The sale to anyone under 18 is illegal and their use is banned in places where smoking is banned — including within 100 feet of schools or public buildings.
But stroll into one of the many “vape” shops that have opened across the borough, and chances are good you’ll find high school kids.
One owner actually said that he was aware he was breaking the law by allowing the youngsters to hang out and puff, but thought it was better than having them out on the street.
That’s why it was not surprising to get a letter from a very passionate Staten Islander who signed it: “A concerned parent who is on a mission.”
And that mission is to crack down on stores and vape shops that sell to minors.
“The strict parent that I am, I was floored over my child’s choice and this issue has been discussed and resolved…”
But, she added, “I surely know I am not the only one out there.”
She pointed out that she spotted some of the young customers arrive in school uniforms.
THE HEALTH ISSUE
E-cigs are considered by the federal Food and Drug Administration to be a “tobacco product” because they often — but not always — contain nicotine.
The e-cig industry has maintained that the products are not smoking cessation devices, but are a “healthier alternative” to smoking.
And many smokers have switched from their traditional brands to the electronic version citing that rationale.
But opponents point out that the flavors now being marketed — everything from cotton candy to cappuccino — are aimed at hooking a young market on nicotine.
While the health risks of e-cigarettes are still being evaluated, the American Cancer Society, the American Lung Association, the American Heart Association and the Campaign for Tobacco-Free Kids want them prohibited.
THE FDA RAISES RED FLAG
While an outright ban is extreme, last Thursday the Food and Drug Administration announced new safety reviews and a federal ban on selling e-cigarettes, cigars and other tobacco products to anyone under 18.
But House Republicans want to exempt the increasingly popular e-cigarette.

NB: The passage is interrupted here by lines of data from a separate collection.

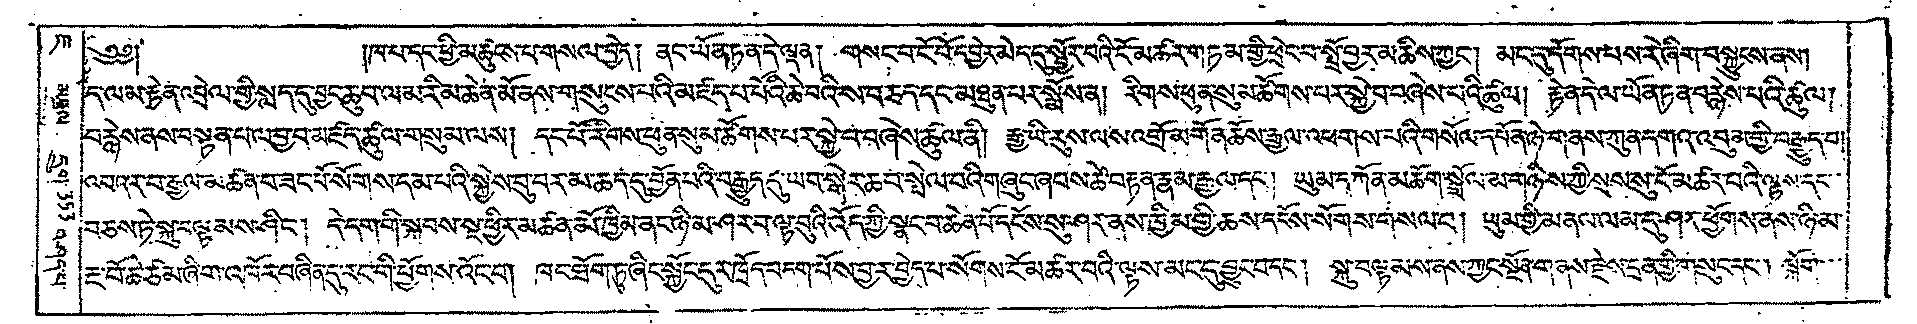༄༅། །ཁ་པ་དང་ཕྱི་མཚུངས་པ་གསལ་བྱེད། ནང་ཡོན་ཏན་དེ་ལྡན། གསང་བ་ངོ་བོ་དབྱེར་མེད་དུ་སྦྱོར་བའི་ངོ་མཚར་གཏམ་གྱི་ཕྲེང་བ་སྤྲོ་བྱར་མཆིས་ཀྱང་། མང་དུ་དོགས་པས་རེ་ཞིག་བསྐྱུངས་ནས།
ད་ལམ་རྟེན་འབྲེལ་གྱི་སླད་དུ་བྱང་ཆུབ་ལམ་རིམ་ཆེན་མོ་ནས་གསུངས་པའི་མཛད་པ་པོའི་ཆེ་བའི་ས་བཅད་དང་མཐུན་པར་སྨོས་ན། རིགས་ཕུན་སུམ་ཚོགས་པར་སྐྱེ་བ་བཞེས་པའི་ཚུལ། རྟེན་དེ་ལ་ཡོན་ཏན་བརྙེས་པའི་ཚུལ།
བརྙེས་ནས་བསྟན་པ་ལ་བྱ་བ་མཛད་ཚུལ་གསུམ་ལས། དང་པོ་རིགས་ཕུན་སུམ་ཚོགས་པར་སྐྱེ་བ་བཞེས་ཚུལ་ནི། རྒྱ་ཡི་རུས་ལས་འགྲོ་མགོན་ཆོས་རྒྱལ་འཕགས་པའི་གསོལ་དཔོན་ཉེ་གནས་ཀུན་དགའ་འབུམ་གྱི་བརྒྱུད་པ།
འབའ་ར་པ་རྒྱལ་མཚན་བཟང་པོ་སོགས་དམ་པའི་སྐྱེས་བུ་བར་མ་ཆད་དུ་བྱོན་པའི་བརྒྱུད་དུ་ཡབ་སྒེར་ཆབ་སྤེལ་བའི་གཞུང་ཞབས་ཚེ་བརྟན་རྣམ་རྒྱལ་དང་། ཡུམ་དཀོན་མཆོག་སྒྲོལ་མ་གཉིས་ཀྱི་སྲས་སུ་ངོ་མཚར་བའི་ལྟས་དང་
བཅས་ཏེ་སྐུ་བལྟམས་ཤིང་། དེ་དག་གི་སྐབས་སྔ་ཕྱིར་མཚན་མོ་ཁྱིམ་ནང་ཉི་མ་ཤར་བ་ལྟ་བུའི་འོད་ཀྱི་སྣང་བ་ཆེན་པོ་དངོས་སུ་ཤར་ནས་ཁྱིམ་གྱི་ཆས་དངོས་སོགས་གསལ་བ། ཡུམ་གྱི་མནལ་ལམ་དུ་ཤར་ཕྱོགས་ནས་ཉི་མ་
རྔ་བོ་ཆེ་ཙམ་ཞིག་འཁོར་བཞིན་དུ་རང་གི་ཕྱོགས་འོང་བ། ཁང་ཐོག་ཏུ་ཞིང་སྐྱོང་དུར་ཁྲོད་བདག་པོས་བྱ་ར་བྱེད་པ་སོགས་ངོ་མཚར་བའི་ལྟས་མང་དུ་བྱུང་བ་དང་། སྐུ་བལྟམས་ནས་ཀྱང་སྔོན་གནས་རྗེས་དྲན་གྱི་གསུང་དང་། ལྐོག་

The effort alarmed Democrats and public health advocates, the Associated Press reported.
Legislation approved by a House committee last month would prevent the FDA from requiring retroactive safety reviews of e-cigarettes already on the market and exempt some premium and large cigars from those same regulations. E-cigarette products introduced in the future would face the safety reviews.

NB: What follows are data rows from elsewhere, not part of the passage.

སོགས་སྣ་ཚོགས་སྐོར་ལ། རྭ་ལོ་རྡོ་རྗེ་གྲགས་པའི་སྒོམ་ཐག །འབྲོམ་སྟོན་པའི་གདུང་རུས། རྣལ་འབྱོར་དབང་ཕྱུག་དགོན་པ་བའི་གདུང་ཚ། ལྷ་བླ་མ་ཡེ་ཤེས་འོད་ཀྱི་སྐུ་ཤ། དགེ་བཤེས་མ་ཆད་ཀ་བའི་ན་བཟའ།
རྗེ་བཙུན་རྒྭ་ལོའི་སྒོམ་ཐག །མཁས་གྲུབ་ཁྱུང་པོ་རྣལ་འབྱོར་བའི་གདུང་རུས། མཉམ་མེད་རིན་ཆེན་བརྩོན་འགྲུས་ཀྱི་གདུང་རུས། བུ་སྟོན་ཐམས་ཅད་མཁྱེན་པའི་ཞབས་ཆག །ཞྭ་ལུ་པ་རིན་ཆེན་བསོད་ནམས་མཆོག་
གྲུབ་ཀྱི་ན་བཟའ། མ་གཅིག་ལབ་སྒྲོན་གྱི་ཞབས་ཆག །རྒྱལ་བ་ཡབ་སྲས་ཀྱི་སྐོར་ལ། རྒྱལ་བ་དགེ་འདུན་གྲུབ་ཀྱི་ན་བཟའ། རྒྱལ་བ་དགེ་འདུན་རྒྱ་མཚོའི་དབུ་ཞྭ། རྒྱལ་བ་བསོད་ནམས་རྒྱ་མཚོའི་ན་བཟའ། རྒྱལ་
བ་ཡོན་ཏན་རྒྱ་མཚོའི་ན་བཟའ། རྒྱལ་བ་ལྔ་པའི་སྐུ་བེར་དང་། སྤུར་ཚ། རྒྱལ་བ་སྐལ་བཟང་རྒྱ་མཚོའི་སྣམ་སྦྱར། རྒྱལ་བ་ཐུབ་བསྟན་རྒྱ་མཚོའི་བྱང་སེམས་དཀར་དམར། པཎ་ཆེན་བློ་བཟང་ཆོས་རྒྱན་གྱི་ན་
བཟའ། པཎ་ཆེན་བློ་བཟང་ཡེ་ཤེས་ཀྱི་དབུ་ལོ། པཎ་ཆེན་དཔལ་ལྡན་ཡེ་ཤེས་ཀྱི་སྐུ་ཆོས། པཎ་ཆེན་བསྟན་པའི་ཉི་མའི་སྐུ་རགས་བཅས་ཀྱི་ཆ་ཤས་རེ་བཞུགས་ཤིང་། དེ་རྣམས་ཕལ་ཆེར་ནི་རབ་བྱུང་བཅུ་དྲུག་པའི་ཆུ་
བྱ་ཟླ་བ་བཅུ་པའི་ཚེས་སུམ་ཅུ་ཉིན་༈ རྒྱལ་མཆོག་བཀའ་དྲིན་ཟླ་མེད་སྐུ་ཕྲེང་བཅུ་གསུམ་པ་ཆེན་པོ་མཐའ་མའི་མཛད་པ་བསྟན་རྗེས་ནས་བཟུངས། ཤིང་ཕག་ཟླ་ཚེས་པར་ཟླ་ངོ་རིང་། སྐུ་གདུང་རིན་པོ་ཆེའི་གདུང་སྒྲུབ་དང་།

Vaping and cigar companies have pushed for the exemptions, arguing that their products are safer than cigarettes and even help some cigarette smokers quit. They say many of the small businesses that make their products would suffer once the rules are in place.
While the jury is still out on health impact and the debate continues in Washington, the verdict is in on regulation in New York, and — now — nationwide.
So, abide by it.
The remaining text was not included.